September 12, 2012 – 10:30 am

IEC 60601-1-11, which became mandatory in the European Union on 1 June 2012, outlines new requirements for the design and verification of a range of home use and point-of-care medical devices, notes SGS Medical Devices Services. The new standard differs from the general IEC 60601-1 in relation to requirements for construction and testing of the device, adds the inspection, verification, testing and certification company.

The IEC 60601-1-11 standard defines the Home Healthcare Environment as the “dwelling place in which a patient lives or other places where patients are present, excluding professional healthcare facility environments where operators with medical training are continually available when patients are present.” (The definition of the US national version differs slightly and its implementation date is 30 June 2013.)

Medical devices typically mandated to use the new standard include oxygen concentrators, body-worn nerve and muscle stimulators, beds, sleep apnea monitors and battery chargers prescribed for use at home, according to SGS.

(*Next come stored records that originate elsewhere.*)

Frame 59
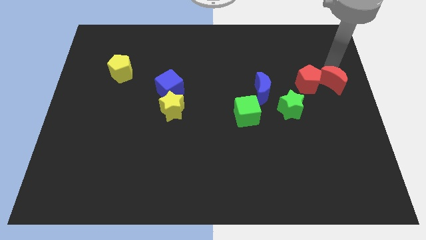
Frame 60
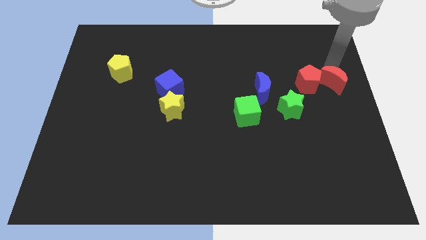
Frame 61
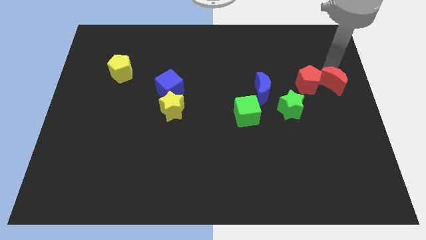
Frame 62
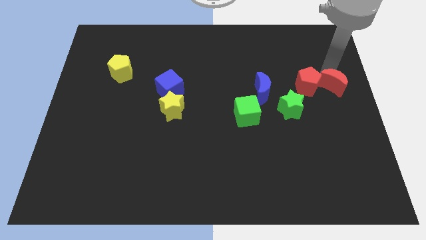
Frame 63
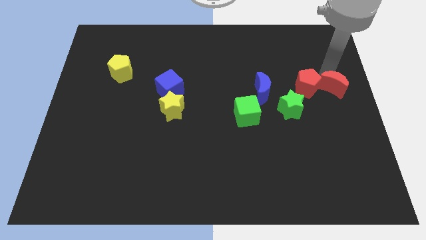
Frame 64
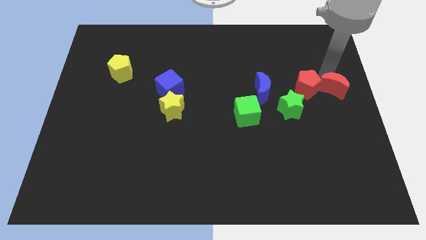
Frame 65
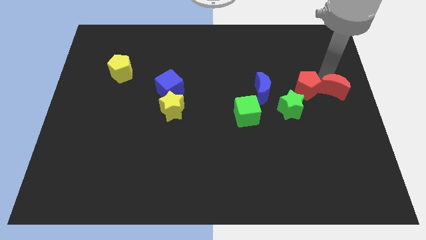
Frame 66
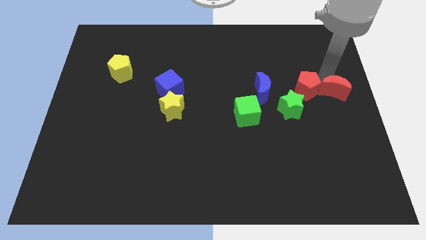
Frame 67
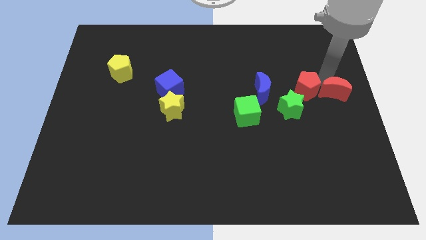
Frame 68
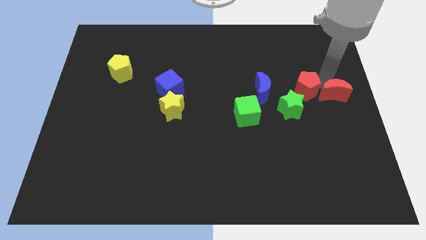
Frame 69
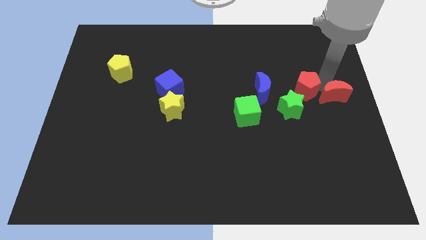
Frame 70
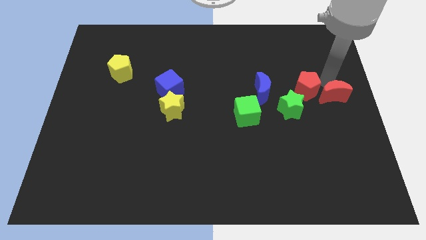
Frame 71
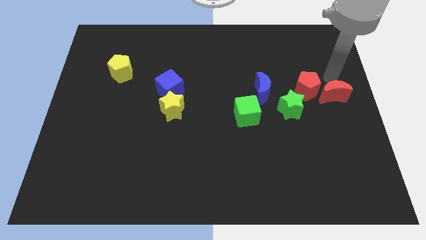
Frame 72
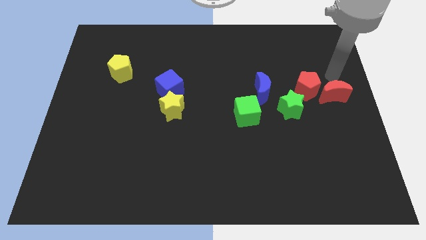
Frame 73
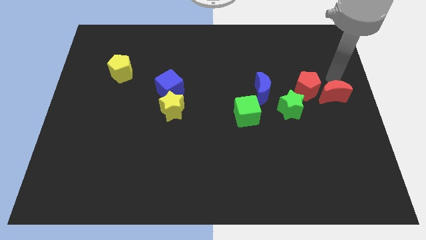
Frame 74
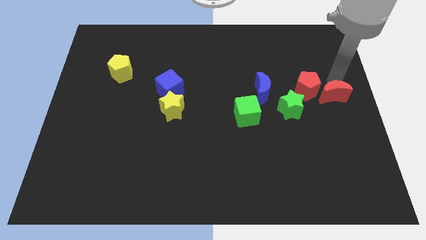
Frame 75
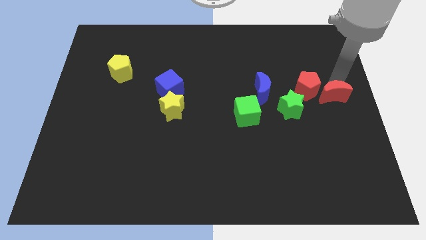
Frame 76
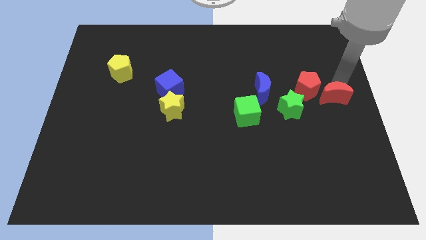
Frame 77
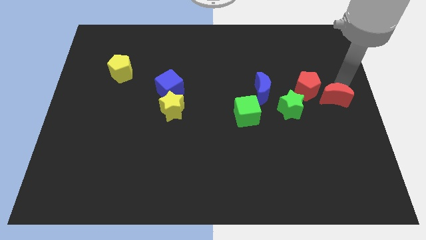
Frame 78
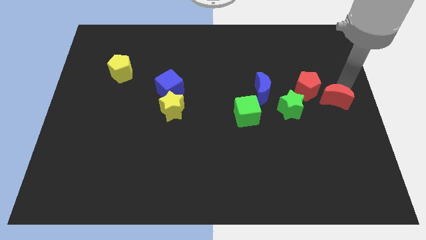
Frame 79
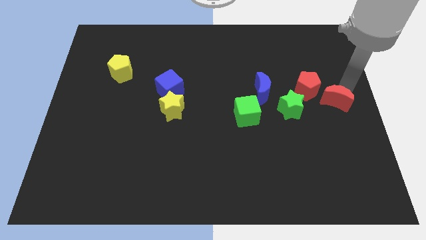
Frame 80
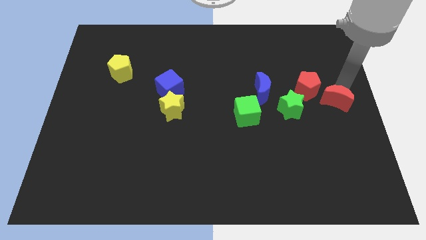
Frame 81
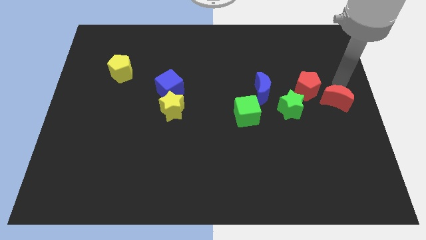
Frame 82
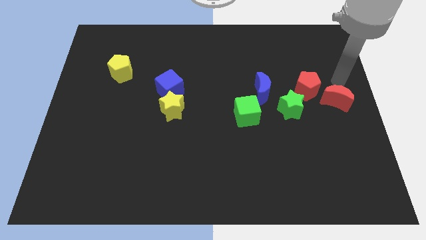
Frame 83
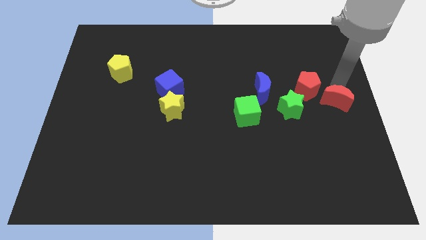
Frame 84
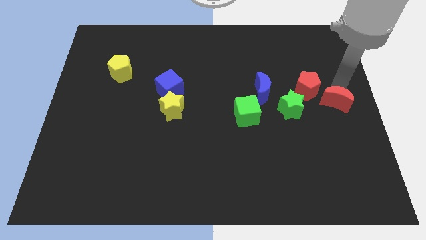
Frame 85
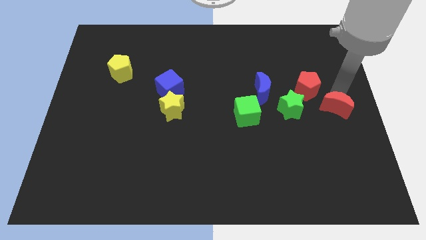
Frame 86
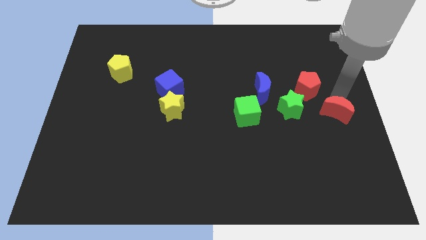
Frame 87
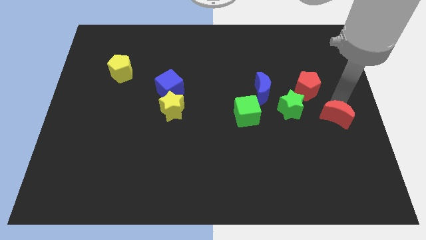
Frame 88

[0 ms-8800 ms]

For devices intended for home use, the new standard requires the use of a two-prong (unearthed) plug and water-resistant casings. Also, parts that are applied to a patient must be isolated from other parts of the device. The devices also must be tested to withstand mechanical shock, vibration, impact from dropping and a range of environmental conditions. These requirements go beyond the general 60601-1 standard, and a design review is recommended to ensure compliance across the entire range of new requirements. Simply addressing the general risk concerns of ISO 14971 is no longer adequate to comply with the specific hardware-related aspects of IEC 60601, says SGS.

IEC 60601 3rd edition series has, and still is, undergoing changes with a recent amendment to the general requirements standard IEC 60601-1, which modifies and clarifies some of the existing requirements. SGS recommends that manufacturers perform a thorough review of any new, or existing, devices intended for the European or North American markets.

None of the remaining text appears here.